- SOURCE MATERIAL
....

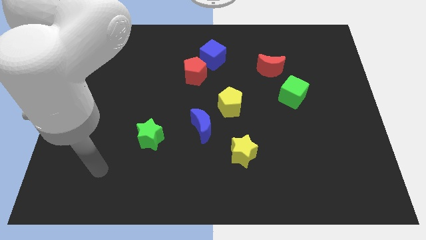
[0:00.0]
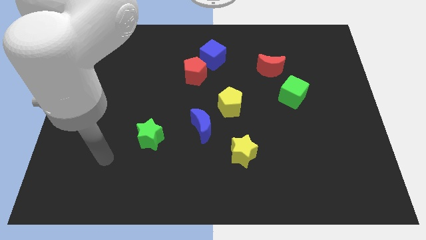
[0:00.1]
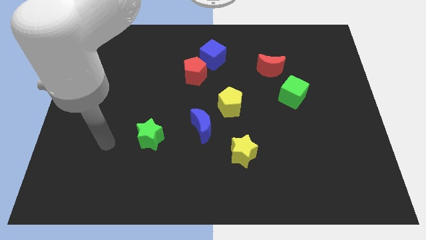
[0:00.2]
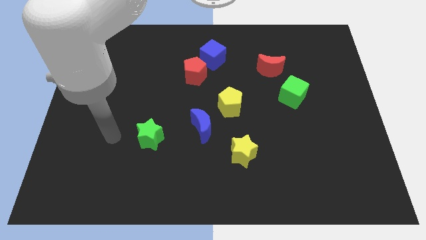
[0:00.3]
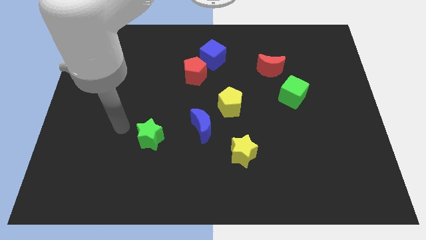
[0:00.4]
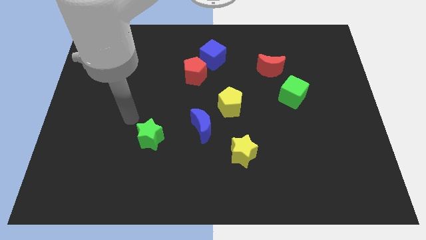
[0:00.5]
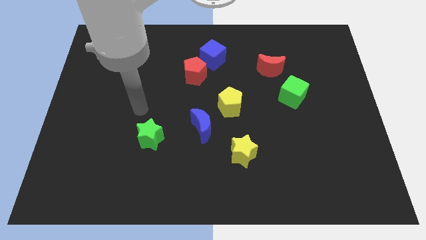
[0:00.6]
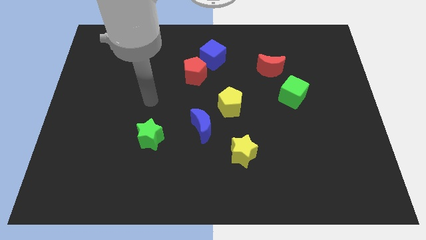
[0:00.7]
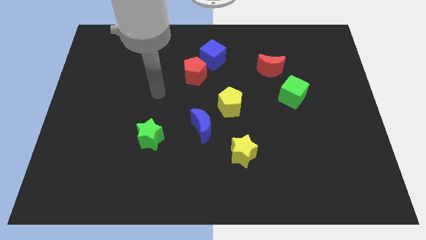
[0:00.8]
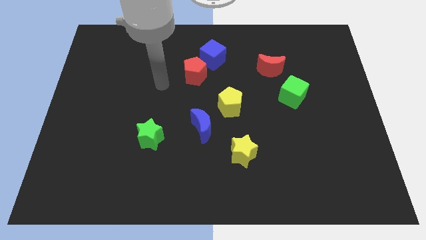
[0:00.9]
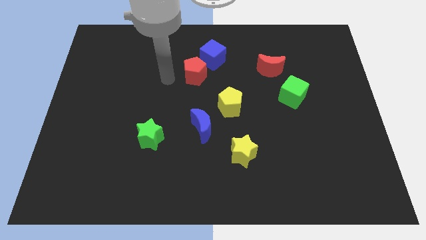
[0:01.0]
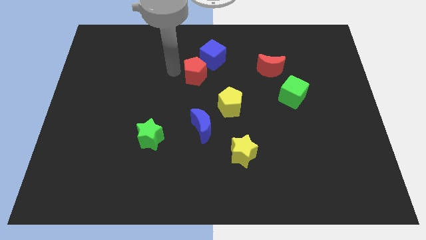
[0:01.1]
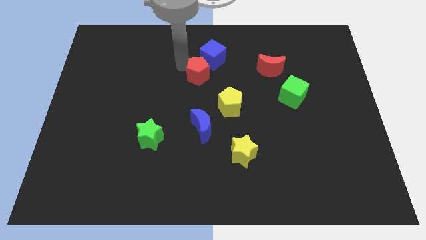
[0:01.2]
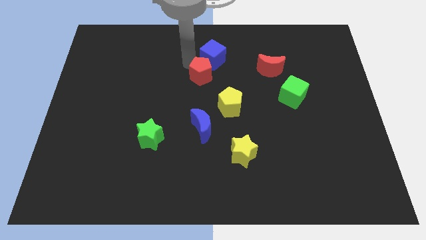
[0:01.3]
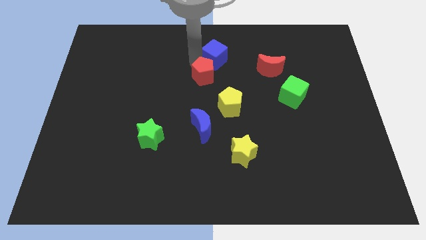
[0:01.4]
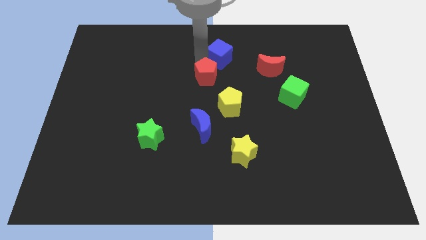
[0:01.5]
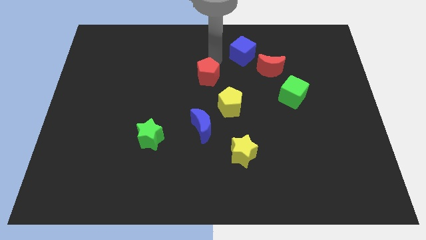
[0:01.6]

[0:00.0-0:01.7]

....

- DIRECTIONS FOR THIS TASK
Images must not appear; print each record precisely as it reads.

- ANSWER TO THIS EXERCISE
[0:00.0]
[0:00.1]
[0:00.2]
[0:00.3]
[0:00.4]
[0:00.5]
[0:00.6]
[0:00.7]
[0:00.8]
[0:00.9]
[0:01.0]
[0:01.1]
[0:01.2]
[0:01.3]
[0:01.4]
[0:01.5]
[0:01.6]

[0:00.0-0:01.7]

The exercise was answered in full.